No ano seguinte, transferiu-se para Óbidos a fim de exercer advocacia. Teve assim a oportunidade de reencontrar Alberto Osório de Castro, que aí tinha o cargo de juiz municipal; poucos meses depois retomou a convivência habitual com o amigo e com a sua família, que naquele dado momento se encontrava em Setúbal. Este ano de 1893 assinala uma viragem na história pessoal de Camilo Pessanha. Data de 9 de outubro a carta que enviou a Ana de Castro Osório, então com vinte anos de idade, escusando‑se‑lhe por ter declarado com palavras «tão inoportunas e desastradas», o seu «velho desígnio» de tê-la por sua «companheira». Essa declaração amorosa, bem como a eventual vida em comum, não logrou assentimento, visto que Ana já tinha sido prometida ao poeta Paulino de Oliveira, com quem casou, de facto, em 1898. Com terno pudor e recíproca franqueza, os dois jovens encerraram o seu segredo em três cartas, que vieram a lume apenas no ano 2000, exumadas do espólio da viúva de João de Castro Osório. Apaixonado e desiludido, Pessanha respeitou o desejo expresso por Ana, que permanecesse amigo como o era de sua irmã. Assumiu, então, sob o sigilo do silêncio, um pacto de amizade fraterna que o uniria para sempre a D. Ana de Castro Osório, futura editora dos seus poemas. Essa amizade, nutrida, como era, pela mútua estima e pela profunda afeição, destinava-se a resistir durante toda a vida. Alguns meses antes de escrever a carta supracitada, Pessanha tinha concorrido a um lugar de professor de Liceu em Macau, onde veio a ser nomeado, em dezembro desse mesmo ano de 1893, para a disciplina de Filosofia.
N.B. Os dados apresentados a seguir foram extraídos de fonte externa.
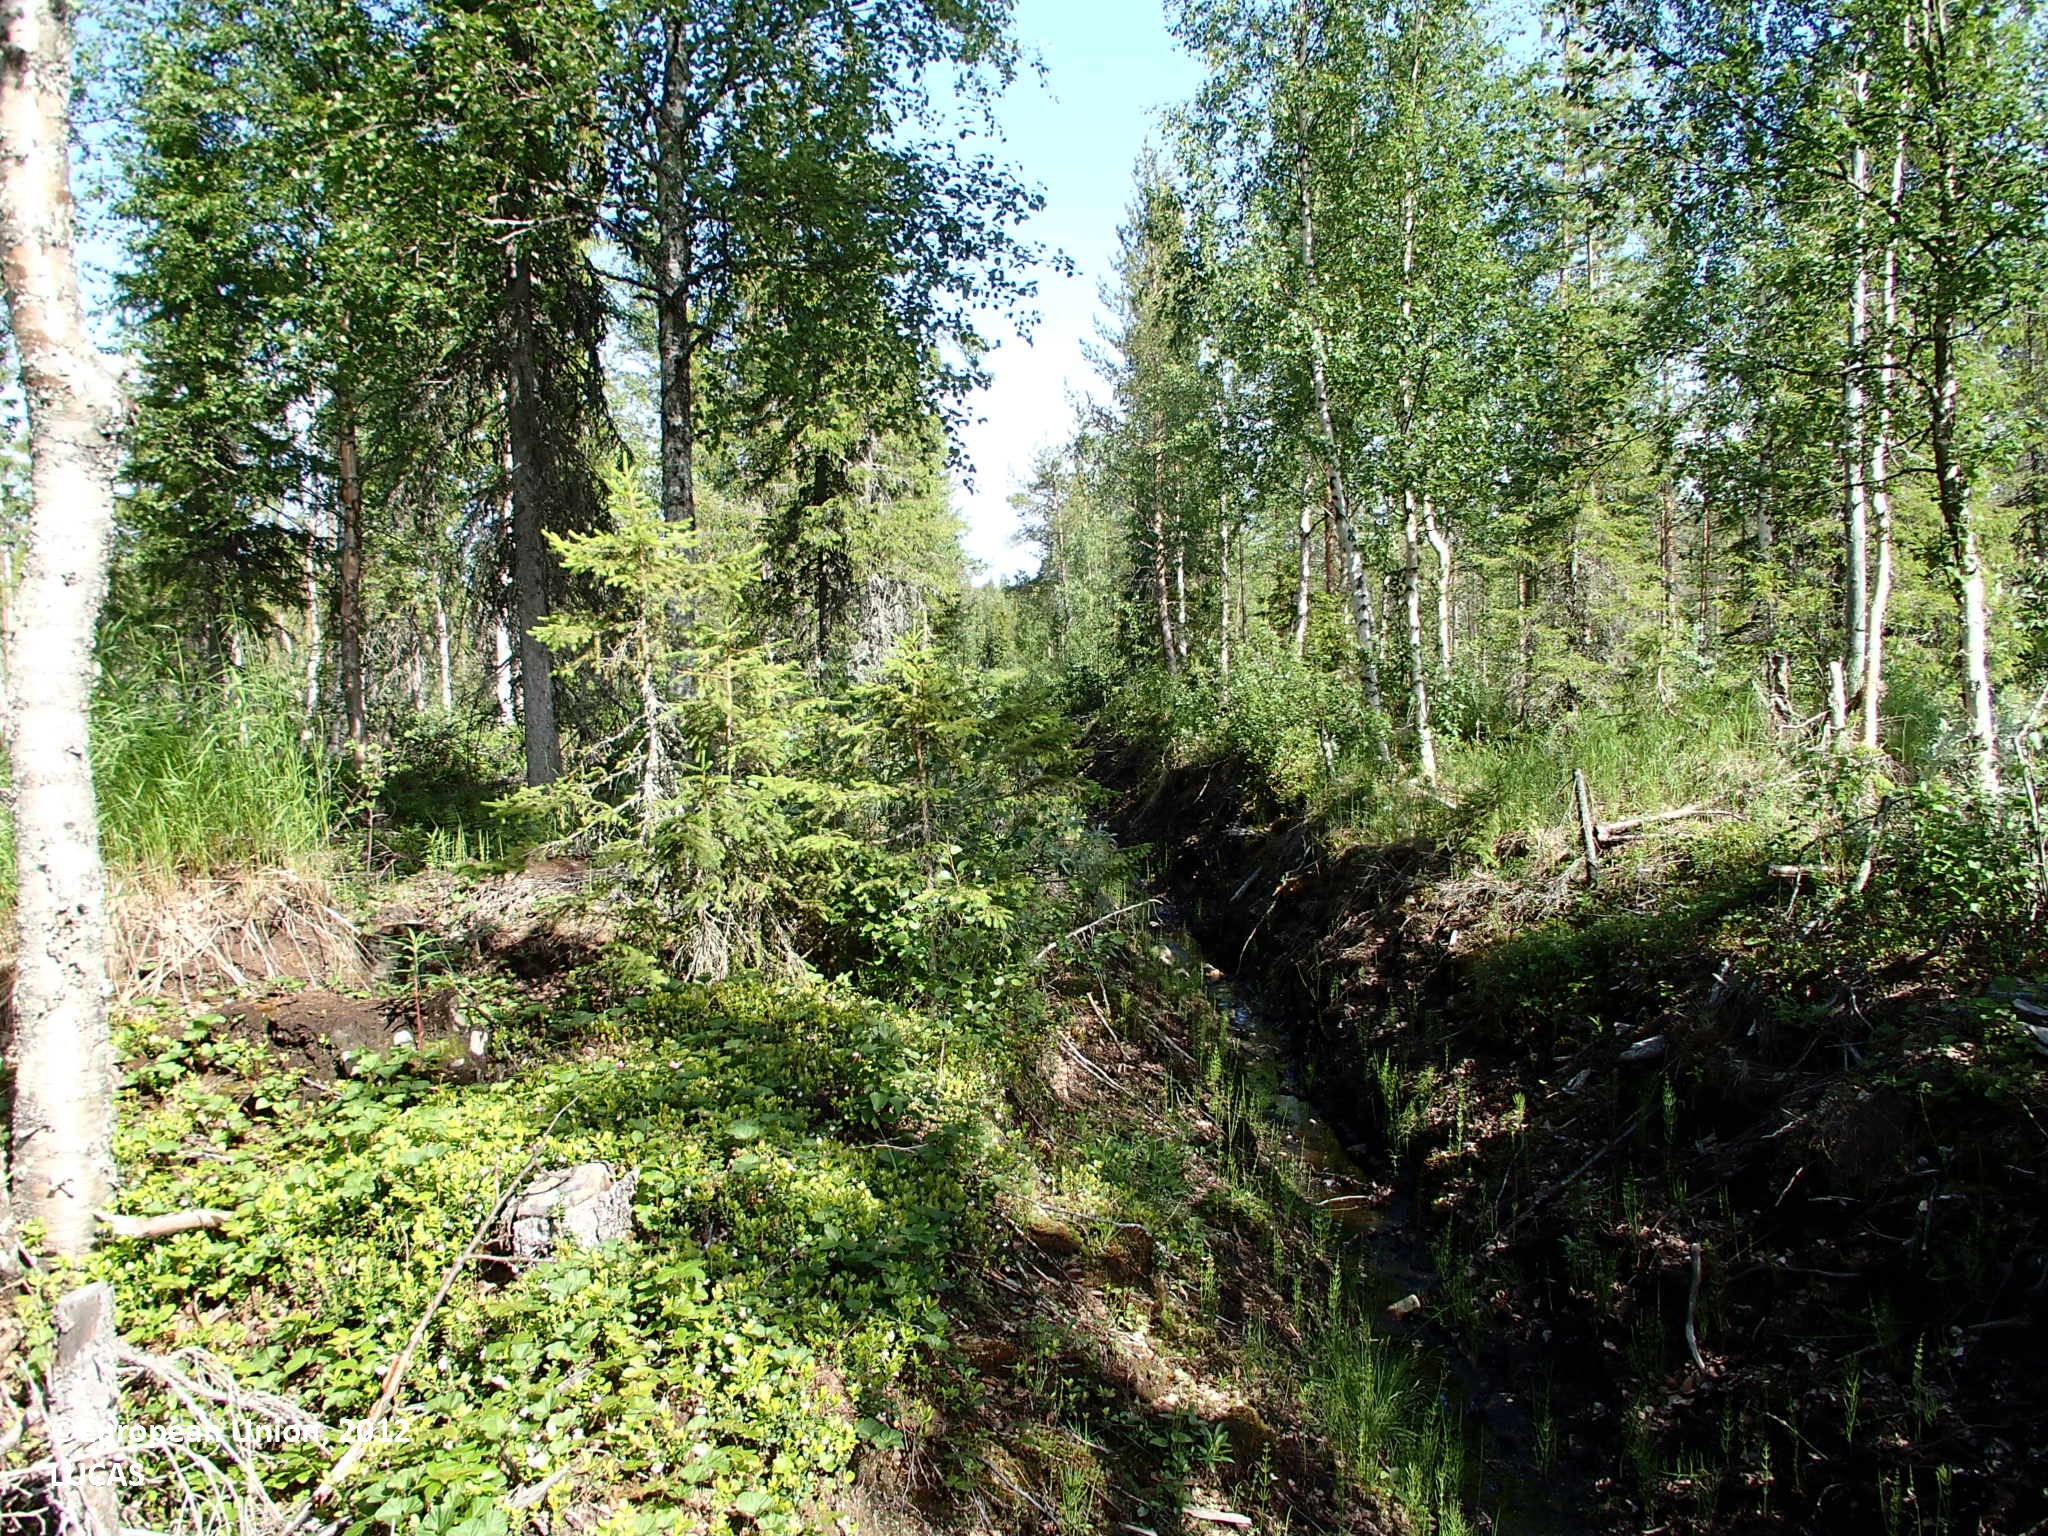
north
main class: Woodland
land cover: Broadleaved woodland
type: boreal forest
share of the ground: 50 - 75 %
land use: Forestry
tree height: > 5 m
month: July
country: FI
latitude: 67.3847
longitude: 26.1680
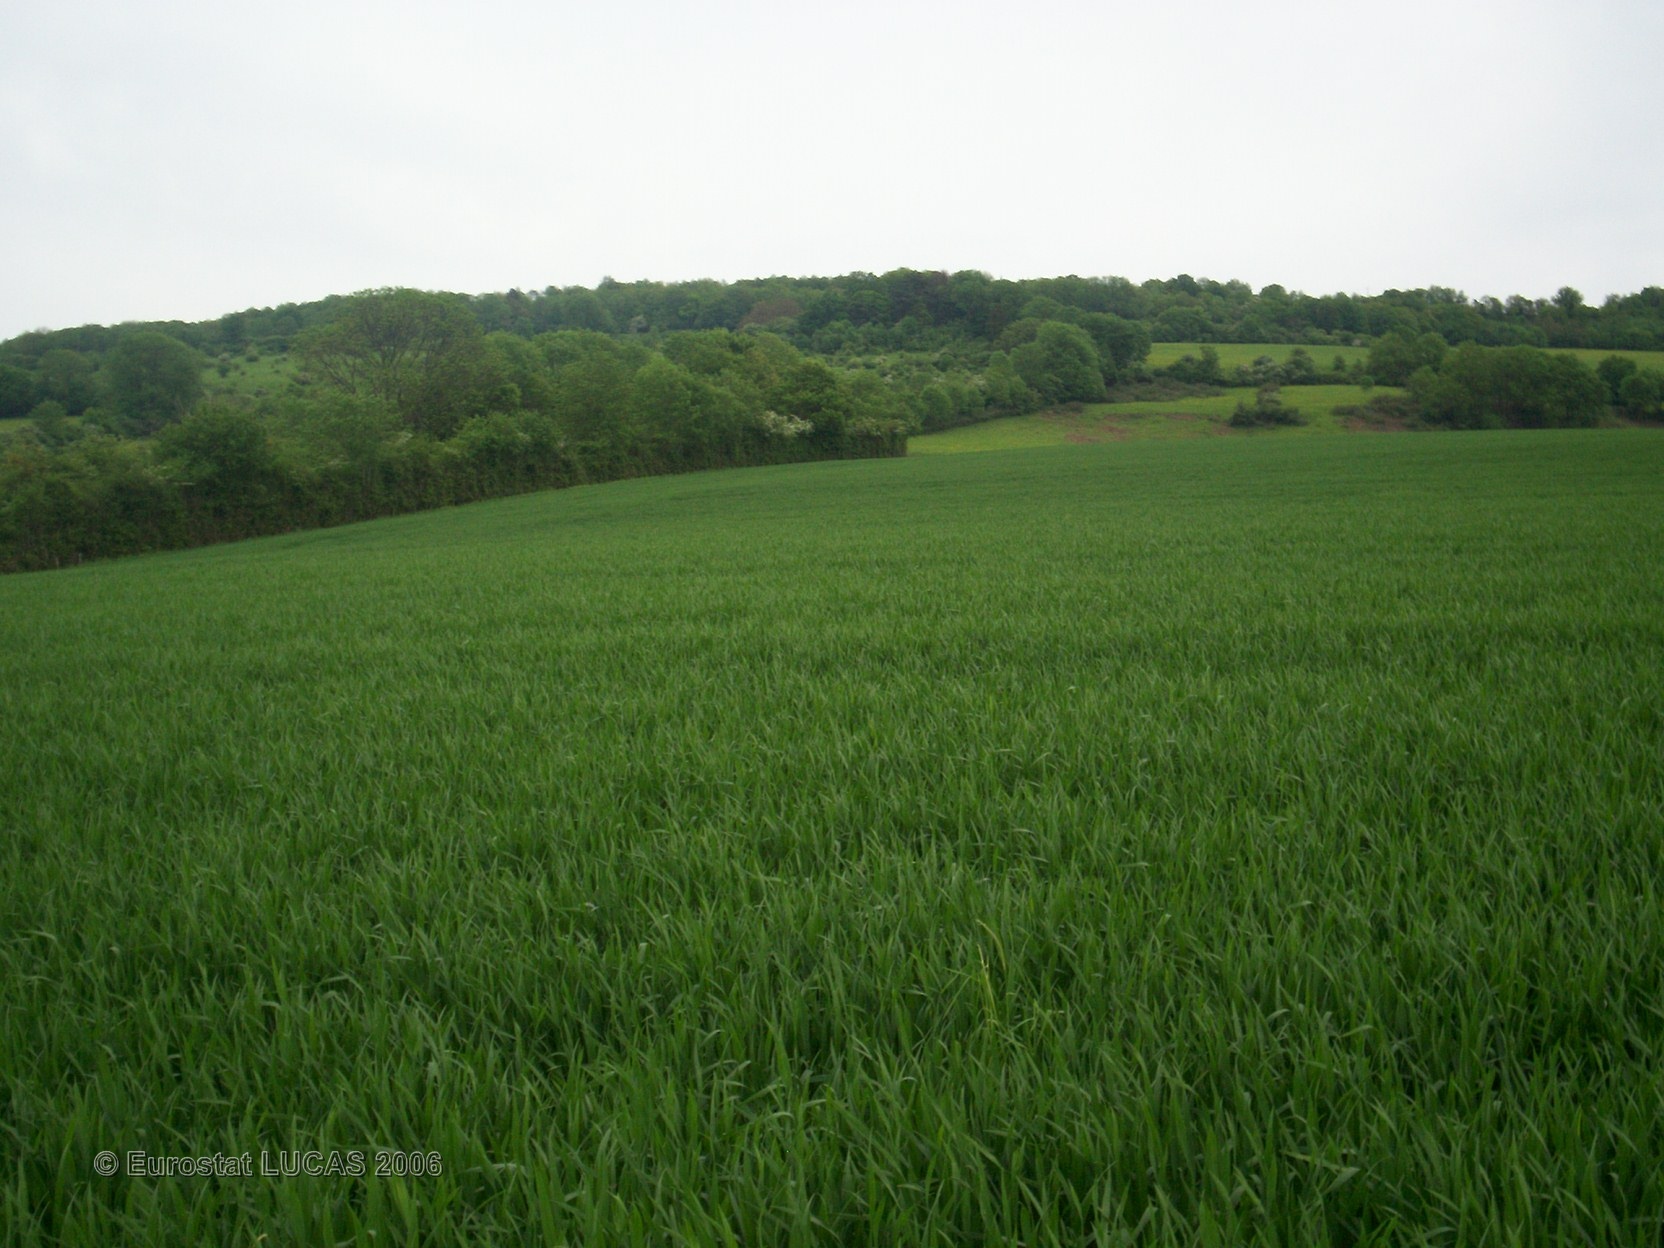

A recusa da proposta de casamento não foi, portanto, o motivo da sua partida para o Oriente, já de antemão planificada. Na primavera de 1894, Pessanha chegou a Macau, onde passaria, salvo raras intermitências, o resto da sua vida. Na longínqua colónia, exerceu várias atividades como professor, funcionário, advogado e, finalmente, juiz. Apesar disso, nunca conseguiu adaptar-se ao ambiente de Macau, que numa carta ao pai definiu como uma «montureira».
A partir de 1895, instalou-se na casa da Boa-Vista, onde atendia às suas necessidades uma concubina chinesa, de beleza ímpar, que teria adquirido de um corretor chinês. Desta relação, no ano seguinte, veio ao mundo João Manuel, único filho reconhecido de Camilo Pessanha. Durante estes vinte e seis anos de exílio voluntário, Pessanha voltou à metrópole apenas quatro vezes, para usufruir de períodos de licença, ou então, por causa de doenças. A sua saúde, desde sempre débil, ia declinando progressivamente no clima inclemente da colónia. No primeiro retorno, compreendido entre agosto de 1896 e o começo de 1897, vinha prostrado por uma «astenia geral». Depois de ter recuperado as forças em Lamego, junto aos familiares, passou o resto da licença em Lisboa, com amigos e intelectuais que se reuniam frequentemente nas mesas do restaurante Londres, ou no Café Royal, ou mesmo no Martinho, onde a sua companhia «era extraordinariamente disputada» (António Dias Miguel). O segundo regresso a Portugal, por ordem do Ministério da Marinha e Ultramar, permitiu-lhe demorar-se sete meses, do outono de 1899 à primavera de 1900. Foi a última ocasião que teve de ver a mãe, que viria a falecer pouco tempo depois da sua partida para o Oriente, em dezembro do mesmo ano. A terceira estadia durou mais de três anos, de setembro de 1905 a janeiro de 1909. Pessanha veio mais uma vez para Portugal por causa de uma doença («anemia», segundo declarou a Junta Médica), necessitando um longo tratamento. Ao mês de março de 1908 remonta a declaração de loucura do irmão Manuel Luís, prontamente internado, provocando uma profunda e durável aflição no Poeta. Só já nos últimos tempos, pouco antes da partida, Pessanha pôde retomar o hábito dos encontros em cafés lisboetas, mormente, com Carlos Amaro.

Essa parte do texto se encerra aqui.